Thursday 29 August 2013

Why?

Why must it when I already found my happy, someone or some people are trying to ruin it? Did I do something wrong that must I repay it? I feel sad and guilty that I don't know what is happening in my life right now.

It all started with a bunch of friends, then it became more and more. I started noticing and I left with no regret. But now I don't know if I regret it.

One day, I found this group of people in my class. I started hanging out with them little by little. I didn't know that eventually, they will become very special to me. I didn't know that they are the ones that can make me happy like I never did before. I never laughed the way I did with them before. I felt really special.

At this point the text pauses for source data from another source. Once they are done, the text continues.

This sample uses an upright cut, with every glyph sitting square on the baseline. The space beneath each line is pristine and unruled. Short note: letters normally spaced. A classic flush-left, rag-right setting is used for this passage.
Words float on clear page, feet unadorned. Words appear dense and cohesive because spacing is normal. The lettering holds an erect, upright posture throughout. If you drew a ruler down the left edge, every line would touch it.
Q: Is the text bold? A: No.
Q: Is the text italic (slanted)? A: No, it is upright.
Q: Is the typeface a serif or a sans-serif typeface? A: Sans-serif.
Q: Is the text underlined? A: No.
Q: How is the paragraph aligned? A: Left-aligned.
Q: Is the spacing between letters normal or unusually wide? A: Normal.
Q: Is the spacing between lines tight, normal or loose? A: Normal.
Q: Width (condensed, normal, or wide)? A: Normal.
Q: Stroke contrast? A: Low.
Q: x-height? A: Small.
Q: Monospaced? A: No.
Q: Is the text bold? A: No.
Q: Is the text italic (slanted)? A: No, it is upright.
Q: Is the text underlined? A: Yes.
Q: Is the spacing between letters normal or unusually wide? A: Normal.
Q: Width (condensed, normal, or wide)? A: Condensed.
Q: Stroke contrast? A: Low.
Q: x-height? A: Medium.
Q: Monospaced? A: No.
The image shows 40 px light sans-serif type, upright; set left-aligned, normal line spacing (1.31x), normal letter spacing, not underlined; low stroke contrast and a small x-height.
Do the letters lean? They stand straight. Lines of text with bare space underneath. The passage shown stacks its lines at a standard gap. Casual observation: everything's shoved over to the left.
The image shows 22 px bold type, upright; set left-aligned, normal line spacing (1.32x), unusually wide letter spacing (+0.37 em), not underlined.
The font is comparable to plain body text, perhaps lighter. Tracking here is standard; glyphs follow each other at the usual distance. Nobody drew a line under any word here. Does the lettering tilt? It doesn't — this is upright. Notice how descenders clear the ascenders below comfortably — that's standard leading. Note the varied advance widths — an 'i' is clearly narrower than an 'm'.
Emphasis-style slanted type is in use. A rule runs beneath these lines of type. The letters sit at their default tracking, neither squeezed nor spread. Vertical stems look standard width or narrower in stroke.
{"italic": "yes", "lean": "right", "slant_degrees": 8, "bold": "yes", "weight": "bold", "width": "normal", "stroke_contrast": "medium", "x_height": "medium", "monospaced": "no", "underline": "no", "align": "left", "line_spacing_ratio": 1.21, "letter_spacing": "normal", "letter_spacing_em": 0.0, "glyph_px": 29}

In a way that people want.

I finally found those people that I deserve.

That day that we fought. I did not know what happened completely. I felt that I should so something but I'm scared that I will be the reason if we break up in the end. I just cant. I felt like my life is going to sink six feet underground. I'm gonna be left with nothing. I cried. I cried no rainbows or happiness. I cried with sadness. I was scared.

I wish we could all fix this situation that no one will leave. I wish that we all stay forever. No matter what, thunder, lightning, storm or disaster. I wish we all are together till the end. Even if we already finished college... secondary.. even if we went to the different parts of the Earth. I promise you all that I will NEVER forget you all.